▸ **Information**:
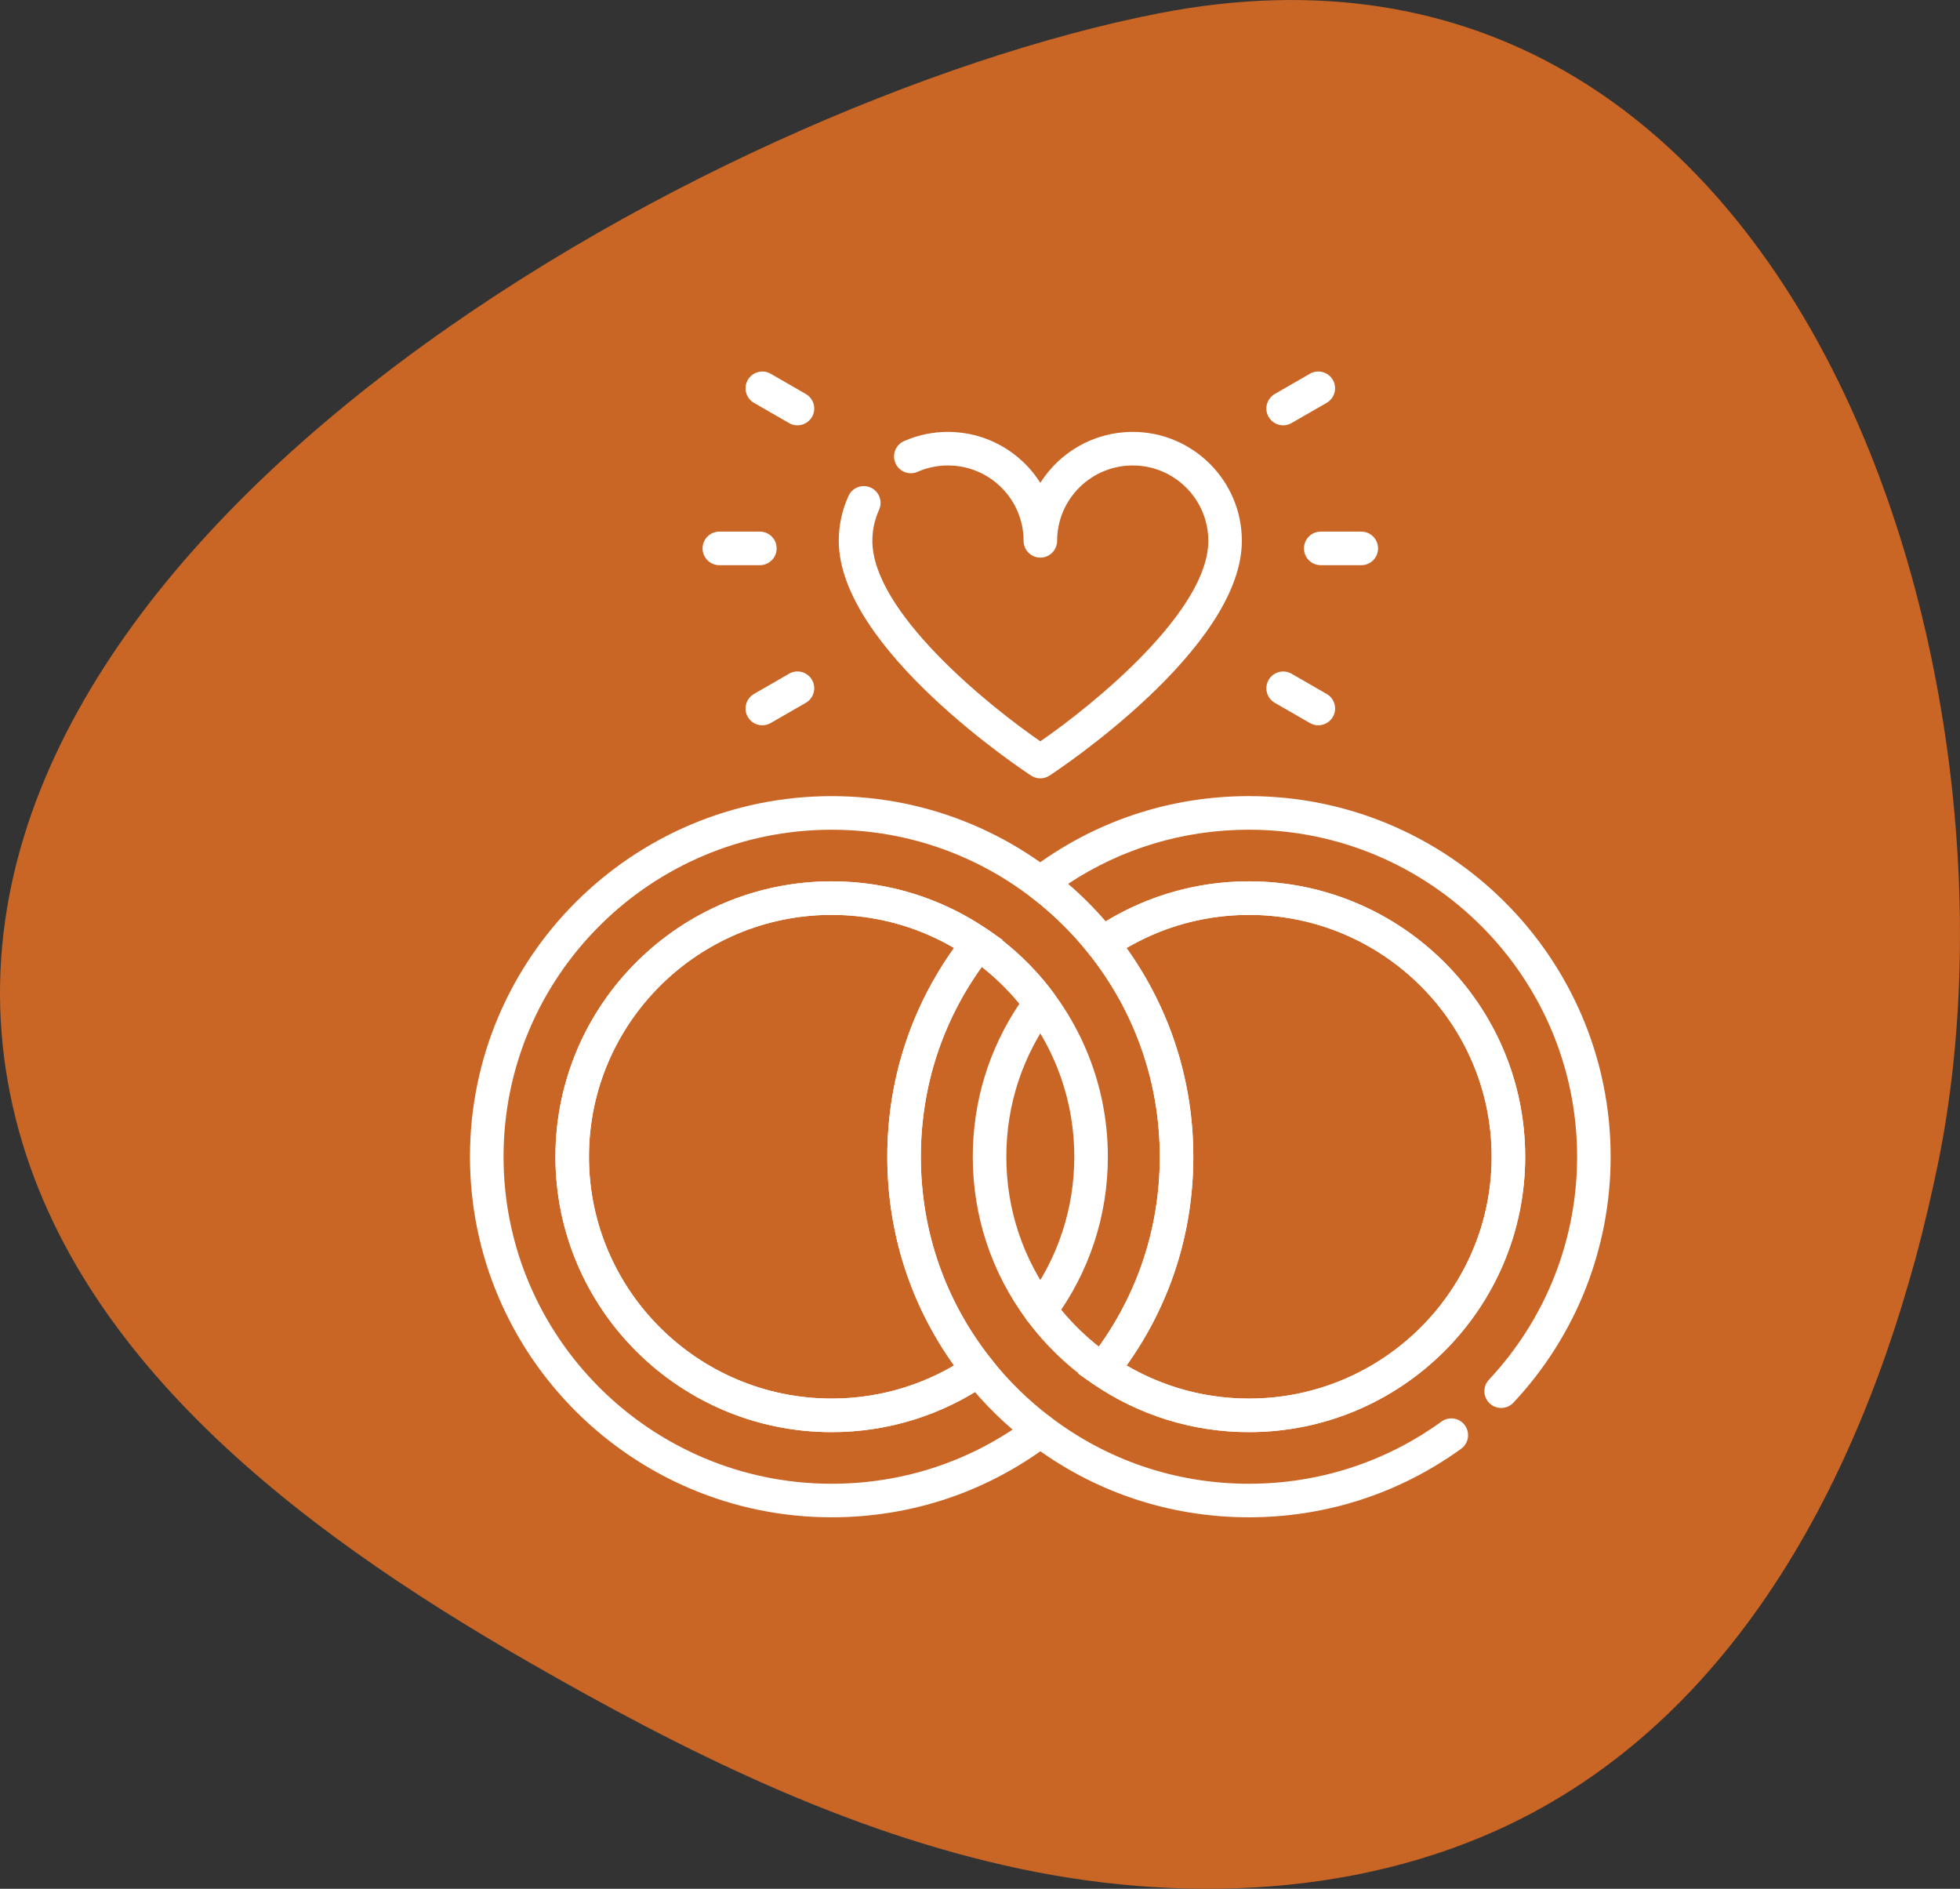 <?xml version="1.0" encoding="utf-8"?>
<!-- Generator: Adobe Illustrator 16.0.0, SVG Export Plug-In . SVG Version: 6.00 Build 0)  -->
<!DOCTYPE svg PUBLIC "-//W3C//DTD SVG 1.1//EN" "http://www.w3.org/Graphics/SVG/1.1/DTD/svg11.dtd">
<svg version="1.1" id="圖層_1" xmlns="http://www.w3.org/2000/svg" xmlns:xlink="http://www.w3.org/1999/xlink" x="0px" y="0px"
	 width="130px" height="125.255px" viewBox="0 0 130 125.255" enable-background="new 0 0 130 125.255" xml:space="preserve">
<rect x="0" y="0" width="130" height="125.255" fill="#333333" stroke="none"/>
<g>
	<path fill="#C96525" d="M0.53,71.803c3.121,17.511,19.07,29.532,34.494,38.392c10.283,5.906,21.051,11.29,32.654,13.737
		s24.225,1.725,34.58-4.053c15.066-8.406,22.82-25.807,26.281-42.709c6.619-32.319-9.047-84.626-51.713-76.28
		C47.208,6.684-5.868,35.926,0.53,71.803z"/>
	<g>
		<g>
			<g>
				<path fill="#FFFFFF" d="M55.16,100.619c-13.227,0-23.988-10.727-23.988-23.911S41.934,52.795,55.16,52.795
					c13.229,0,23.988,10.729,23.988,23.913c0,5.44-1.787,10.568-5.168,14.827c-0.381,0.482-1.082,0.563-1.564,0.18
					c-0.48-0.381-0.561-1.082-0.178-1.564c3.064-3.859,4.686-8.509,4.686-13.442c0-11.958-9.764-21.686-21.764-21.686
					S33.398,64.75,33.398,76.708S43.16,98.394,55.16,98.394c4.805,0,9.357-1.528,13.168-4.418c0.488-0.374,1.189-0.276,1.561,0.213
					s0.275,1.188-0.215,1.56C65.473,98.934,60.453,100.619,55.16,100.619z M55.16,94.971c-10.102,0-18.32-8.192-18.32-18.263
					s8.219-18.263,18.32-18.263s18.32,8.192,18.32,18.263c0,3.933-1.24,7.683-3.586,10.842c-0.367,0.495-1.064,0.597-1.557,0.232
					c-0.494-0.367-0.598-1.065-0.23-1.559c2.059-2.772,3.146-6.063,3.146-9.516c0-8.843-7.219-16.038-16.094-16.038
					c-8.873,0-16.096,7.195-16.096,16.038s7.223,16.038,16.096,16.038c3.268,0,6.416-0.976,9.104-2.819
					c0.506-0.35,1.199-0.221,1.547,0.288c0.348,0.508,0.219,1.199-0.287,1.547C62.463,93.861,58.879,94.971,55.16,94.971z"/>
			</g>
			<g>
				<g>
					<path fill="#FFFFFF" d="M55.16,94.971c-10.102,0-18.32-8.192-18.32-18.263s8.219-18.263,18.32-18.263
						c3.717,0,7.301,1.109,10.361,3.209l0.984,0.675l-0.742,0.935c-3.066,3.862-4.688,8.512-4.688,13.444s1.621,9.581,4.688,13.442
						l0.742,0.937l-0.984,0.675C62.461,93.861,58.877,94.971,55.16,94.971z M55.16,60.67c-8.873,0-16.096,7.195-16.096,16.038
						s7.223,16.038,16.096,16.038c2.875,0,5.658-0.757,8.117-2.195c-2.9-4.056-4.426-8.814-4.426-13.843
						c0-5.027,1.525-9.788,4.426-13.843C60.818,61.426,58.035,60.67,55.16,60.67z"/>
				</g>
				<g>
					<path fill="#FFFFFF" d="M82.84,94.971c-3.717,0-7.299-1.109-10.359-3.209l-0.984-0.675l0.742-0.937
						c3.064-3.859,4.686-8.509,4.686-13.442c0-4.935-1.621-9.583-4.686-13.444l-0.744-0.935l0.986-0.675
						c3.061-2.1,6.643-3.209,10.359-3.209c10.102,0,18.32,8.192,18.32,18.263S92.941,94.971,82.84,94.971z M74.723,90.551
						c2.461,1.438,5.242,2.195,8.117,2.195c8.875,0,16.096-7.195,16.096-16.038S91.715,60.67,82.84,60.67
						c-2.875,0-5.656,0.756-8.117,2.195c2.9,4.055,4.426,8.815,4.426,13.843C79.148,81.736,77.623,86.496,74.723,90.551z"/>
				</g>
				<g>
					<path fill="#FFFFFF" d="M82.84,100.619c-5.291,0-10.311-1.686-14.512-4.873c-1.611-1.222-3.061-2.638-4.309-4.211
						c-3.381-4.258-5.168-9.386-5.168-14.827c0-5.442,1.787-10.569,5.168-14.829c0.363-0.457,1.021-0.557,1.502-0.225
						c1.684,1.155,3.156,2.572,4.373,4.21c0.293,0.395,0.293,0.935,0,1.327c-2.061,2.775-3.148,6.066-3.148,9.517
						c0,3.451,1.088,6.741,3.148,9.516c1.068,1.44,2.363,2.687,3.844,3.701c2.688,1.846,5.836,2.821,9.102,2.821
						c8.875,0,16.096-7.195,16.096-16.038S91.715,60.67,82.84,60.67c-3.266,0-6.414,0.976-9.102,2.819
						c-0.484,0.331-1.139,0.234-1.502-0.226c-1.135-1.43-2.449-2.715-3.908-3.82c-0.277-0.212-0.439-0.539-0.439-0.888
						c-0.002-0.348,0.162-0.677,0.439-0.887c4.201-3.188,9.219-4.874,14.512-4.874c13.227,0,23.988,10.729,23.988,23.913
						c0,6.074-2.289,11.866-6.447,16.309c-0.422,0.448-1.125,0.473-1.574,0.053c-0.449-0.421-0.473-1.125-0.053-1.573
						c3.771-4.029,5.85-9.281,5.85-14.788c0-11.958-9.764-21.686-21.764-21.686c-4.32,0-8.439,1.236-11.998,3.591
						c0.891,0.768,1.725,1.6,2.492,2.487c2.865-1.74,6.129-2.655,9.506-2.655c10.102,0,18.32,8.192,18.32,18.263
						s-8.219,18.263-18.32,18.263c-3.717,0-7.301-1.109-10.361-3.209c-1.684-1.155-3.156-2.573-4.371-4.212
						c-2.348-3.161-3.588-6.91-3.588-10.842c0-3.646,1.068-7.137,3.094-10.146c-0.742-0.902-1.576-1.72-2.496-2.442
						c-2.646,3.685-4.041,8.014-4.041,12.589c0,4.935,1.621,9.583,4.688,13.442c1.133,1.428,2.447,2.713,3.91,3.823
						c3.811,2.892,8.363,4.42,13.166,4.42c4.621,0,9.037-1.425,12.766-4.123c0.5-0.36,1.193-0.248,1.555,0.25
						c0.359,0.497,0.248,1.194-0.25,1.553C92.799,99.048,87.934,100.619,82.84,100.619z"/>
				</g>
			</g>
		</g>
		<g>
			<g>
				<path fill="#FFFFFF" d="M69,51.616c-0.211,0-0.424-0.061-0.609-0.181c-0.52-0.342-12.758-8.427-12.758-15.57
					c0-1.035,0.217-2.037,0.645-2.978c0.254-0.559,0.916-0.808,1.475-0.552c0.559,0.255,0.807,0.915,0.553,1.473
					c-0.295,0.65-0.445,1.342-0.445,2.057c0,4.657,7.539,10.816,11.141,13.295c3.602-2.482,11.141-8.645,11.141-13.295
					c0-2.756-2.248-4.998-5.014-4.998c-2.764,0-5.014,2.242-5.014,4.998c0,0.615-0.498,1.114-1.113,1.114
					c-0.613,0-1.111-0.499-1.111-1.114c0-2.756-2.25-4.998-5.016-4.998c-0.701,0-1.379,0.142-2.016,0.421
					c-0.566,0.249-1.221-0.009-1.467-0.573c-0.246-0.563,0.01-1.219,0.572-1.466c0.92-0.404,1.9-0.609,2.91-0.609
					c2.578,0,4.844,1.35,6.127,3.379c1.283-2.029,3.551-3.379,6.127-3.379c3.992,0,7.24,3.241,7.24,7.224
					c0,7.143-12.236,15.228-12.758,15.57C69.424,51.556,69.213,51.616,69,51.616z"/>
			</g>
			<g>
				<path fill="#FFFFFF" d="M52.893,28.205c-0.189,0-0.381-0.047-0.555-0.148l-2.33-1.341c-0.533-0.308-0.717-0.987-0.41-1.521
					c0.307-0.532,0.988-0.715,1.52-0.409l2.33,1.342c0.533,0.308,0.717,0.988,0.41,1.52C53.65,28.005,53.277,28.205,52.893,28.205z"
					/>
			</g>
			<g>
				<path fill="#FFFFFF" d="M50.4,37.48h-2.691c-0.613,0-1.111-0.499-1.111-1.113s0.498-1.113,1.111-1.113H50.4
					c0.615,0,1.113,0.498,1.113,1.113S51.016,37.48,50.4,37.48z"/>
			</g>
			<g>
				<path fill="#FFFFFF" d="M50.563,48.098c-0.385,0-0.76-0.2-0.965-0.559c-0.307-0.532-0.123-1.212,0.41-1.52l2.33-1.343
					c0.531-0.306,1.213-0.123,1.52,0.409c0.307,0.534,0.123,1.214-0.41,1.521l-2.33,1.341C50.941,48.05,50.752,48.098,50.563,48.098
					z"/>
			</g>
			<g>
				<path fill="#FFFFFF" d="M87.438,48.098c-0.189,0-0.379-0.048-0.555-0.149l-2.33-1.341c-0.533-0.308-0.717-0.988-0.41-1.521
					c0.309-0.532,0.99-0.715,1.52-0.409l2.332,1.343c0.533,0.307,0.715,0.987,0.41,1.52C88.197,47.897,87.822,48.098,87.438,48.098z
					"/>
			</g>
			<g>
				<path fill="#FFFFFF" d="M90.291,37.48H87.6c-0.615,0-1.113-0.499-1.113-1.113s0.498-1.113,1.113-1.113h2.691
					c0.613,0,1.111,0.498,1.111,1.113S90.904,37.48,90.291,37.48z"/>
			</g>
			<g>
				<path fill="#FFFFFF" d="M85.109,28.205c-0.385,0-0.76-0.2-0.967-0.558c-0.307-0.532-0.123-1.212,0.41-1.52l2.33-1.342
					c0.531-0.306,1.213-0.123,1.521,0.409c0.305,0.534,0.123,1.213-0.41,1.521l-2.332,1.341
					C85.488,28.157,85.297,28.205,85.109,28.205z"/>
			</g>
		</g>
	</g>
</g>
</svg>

▸ **Problem to solve**:
Lines holding "http": copy each one from the records above.

▸ **Solution for this exercise**:
<!DOCTYPE svg PUBLIC "-//W3C//DTD SVG 1.1//EN" "http://www.w3.org/Graphics/SVG/1.1/DTD/svg11.dtd">
<svg version="1.1" id="圖層_1" xmlns="http://www.w3.org/2000/svg" xmlns:xlink="http://www.w3.org/1999/xlink" x="0px" y="0px"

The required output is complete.